Electromagnetic fields carry/store energy, and in that capacity they like all other form of energy and mass, can distort spacetime. The problem is that in a typical laboratory environment, the distortion is undetectable. For example, say that you have light in a 100 centimeter, spherical cavity such that the steady-state electromagnetic energy in the cavity is 9 trillion joules. This is a horrendous amount of energy that would quickly evaporate the container. But never mind that, this is just an example, not an engineering prototype!
How much mass does 9 trillion joules correspond to? Well, from E = mc^2 9 trillion joules =9 x 10^19 ergs, and if you divide this by the speed of light squared, you find that all of this electromagnetic energy only amounts to 9 x 10^19/9 x 10^20 = 0.1 grams! By the way, this much energy is about equal to a small atomic bomb. Don't try this experiment at home.
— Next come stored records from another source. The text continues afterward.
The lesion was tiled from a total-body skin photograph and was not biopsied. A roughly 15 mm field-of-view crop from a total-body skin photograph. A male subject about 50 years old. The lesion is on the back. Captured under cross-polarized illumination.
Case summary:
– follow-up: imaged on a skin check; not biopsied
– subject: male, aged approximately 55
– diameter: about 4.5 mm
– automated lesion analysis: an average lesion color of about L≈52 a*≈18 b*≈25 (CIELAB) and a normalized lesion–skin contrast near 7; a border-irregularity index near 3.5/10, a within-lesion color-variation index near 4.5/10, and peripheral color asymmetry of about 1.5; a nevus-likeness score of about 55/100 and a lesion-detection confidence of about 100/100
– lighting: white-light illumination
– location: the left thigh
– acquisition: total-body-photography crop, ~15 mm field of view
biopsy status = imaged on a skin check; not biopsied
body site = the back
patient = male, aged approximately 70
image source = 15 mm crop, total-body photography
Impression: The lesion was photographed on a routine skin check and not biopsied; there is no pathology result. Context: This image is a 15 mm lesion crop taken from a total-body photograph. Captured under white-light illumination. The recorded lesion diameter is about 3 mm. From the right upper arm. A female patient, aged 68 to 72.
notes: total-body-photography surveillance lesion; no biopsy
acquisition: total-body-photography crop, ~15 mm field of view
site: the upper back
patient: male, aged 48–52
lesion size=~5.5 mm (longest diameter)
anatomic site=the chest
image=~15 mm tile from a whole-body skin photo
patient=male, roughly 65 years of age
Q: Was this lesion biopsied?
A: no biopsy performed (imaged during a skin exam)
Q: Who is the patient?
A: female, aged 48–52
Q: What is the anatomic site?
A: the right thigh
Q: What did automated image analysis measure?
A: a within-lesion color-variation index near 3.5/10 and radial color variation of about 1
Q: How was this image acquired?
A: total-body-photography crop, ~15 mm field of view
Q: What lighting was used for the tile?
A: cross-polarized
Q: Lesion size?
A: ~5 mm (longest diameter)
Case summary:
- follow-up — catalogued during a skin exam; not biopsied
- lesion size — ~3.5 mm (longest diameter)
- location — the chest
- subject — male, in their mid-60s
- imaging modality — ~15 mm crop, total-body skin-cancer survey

Well, how much spacetime curvature will 0.1 grams of electromagnetic energy give you? Exactly the same as 0.1 grams of anything else! Do you feel perturbed? After all, you weigh 50 - 100 kilograms! Anyway, the corresponding spacetime curvature for 0.1 grams is equal to its equivalent Schwarschild radius ( black hole radius) which is about 10^-33 centimeters of distortion for every 0.00001 grams. This means 0.1 grams produces 10^-33 x 10000 = 10^29 centimeters of curvature. This is 1000 trillion times smaller than the nucleus of an atom.